People often underestimate the profound impact of incorporating hand gestures while talking on their confidence, engagement, and comprehension during communication.
While hand gestures can dramatically change how you communicate with others, it can be challenging to use them, as most people don’t know what to do with their hands and arms. I’ve therefore put together a list of gestures that can be used in most of your conversations. You can just copy them and begin your journey with gestures.
- Some useful rules are also provided at the end.
- Also read: 15 Tactics to Become an Engaging Talker and Explainer.
- 30-Day Challenge: Make Your Speaking Voice Louder.
- Introduction (Important).
- How to practice?
- 1. Pointing towards something.
- 2. Pointing towards a person.
- 3. The comparison.
- 4. The combination.
- 5. The size.
- 6. The count.
- 7. The origin.
- 8. Quiet.
- 9. Mind blown.
- 10. The timeline.
- 11. The look/read.
- 12. Me/We/US.
- 13. The question.
- 14. Air quotes.
- 15. The finger-snap.
- 16. The collision.
- 17. The stop.
- 18. The headache.
- 19. The Keyboard.
- 20. The phone.
- Rules of gestures.
How to practice?
- Follow our 30-day challenge to put your new skills to the test. On day 1, you must use four of the hand gestures listed below when no one else is nearby. You’ll pretend to talk to someone you know for 10 minutes.

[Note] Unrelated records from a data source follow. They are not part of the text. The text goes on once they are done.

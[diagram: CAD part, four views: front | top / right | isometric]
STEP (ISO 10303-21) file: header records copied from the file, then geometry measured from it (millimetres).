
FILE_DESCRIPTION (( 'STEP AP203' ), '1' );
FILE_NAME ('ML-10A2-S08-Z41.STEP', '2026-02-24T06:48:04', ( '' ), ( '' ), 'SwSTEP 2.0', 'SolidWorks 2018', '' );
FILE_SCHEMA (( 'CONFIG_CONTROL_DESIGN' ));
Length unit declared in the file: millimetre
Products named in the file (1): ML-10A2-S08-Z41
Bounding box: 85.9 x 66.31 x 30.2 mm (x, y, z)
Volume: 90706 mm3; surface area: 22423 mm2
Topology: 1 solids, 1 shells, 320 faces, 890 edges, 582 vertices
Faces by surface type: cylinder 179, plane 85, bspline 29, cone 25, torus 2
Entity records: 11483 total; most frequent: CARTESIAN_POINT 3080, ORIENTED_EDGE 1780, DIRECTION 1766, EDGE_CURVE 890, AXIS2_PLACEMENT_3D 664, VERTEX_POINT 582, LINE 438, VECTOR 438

Get creative with their usage.
- The next day, you would use the same four gestures, but this time, while talking to a real person. The person doesn’t have to be the same with each gesture.
- If you do it for less than 10 minutes you repeat the day’s challenge. If you missed one of the four gestures, you repeat the challenge.
- Now, repeat with a different set of four gestures.
- If everything went according to plan (which it probably won’t), using all gestures will take 10 days. Then you’d repeat the process again, twice. Making it a 30-day process. You can choose the combination of the gestures you’d like to use. Just make sure all of them are included in the span of 10 days.
- Plan all 30 days before starting the challenge by writing it down somewhere. You can redo this challenge anytime.
1. Pointing towards something.
You probably use this one already. To use this gesture, you point towards a place or a thing using your index finger. Make sure you extend your arm fully while pointing. Your elbow shouldn’t be bent too much.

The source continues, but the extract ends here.